> **Action item**
Print every record word for word.

BEGIN Source material

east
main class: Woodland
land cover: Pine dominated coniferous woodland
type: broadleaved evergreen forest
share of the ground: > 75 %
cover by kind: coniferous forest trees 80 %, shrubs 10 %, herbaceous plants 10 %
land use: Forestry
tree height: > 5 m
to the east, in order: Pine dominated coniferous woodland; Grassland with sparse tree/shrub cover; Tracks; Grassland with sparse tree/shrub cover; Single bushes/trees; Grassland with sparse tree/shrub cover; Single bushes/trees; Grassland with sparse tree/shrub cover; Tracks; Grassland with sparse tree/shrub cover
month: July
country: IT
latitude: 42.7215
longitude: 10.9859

END Source material

> **Solution to the problem**
east
main class: Woodland
land cover: Pine dominated coniferous woodland
type: broadleaved evergreen forest
share of the ground: > 75 %
cover by kind: coniferous forest trees 80 %, shrubs 10 %, herbaceous plants 10 %
land use: Forestry
tree height: > 5 m
to the east, in order: Pine dominated coniferous woodland; Grassland with sparse tree/shrub cover; Tracks; Grassland with sparse tree/shrub cover; Single bushes/trees; Grassland with sparse tree/shrub cover; Single bushes/trees; Grassland with sparse tree/shrub cover; Tracks; Grassland with sparse tree/shrub cover
month: July
country: IT
latitude: 42.7215
longitude: 10.9859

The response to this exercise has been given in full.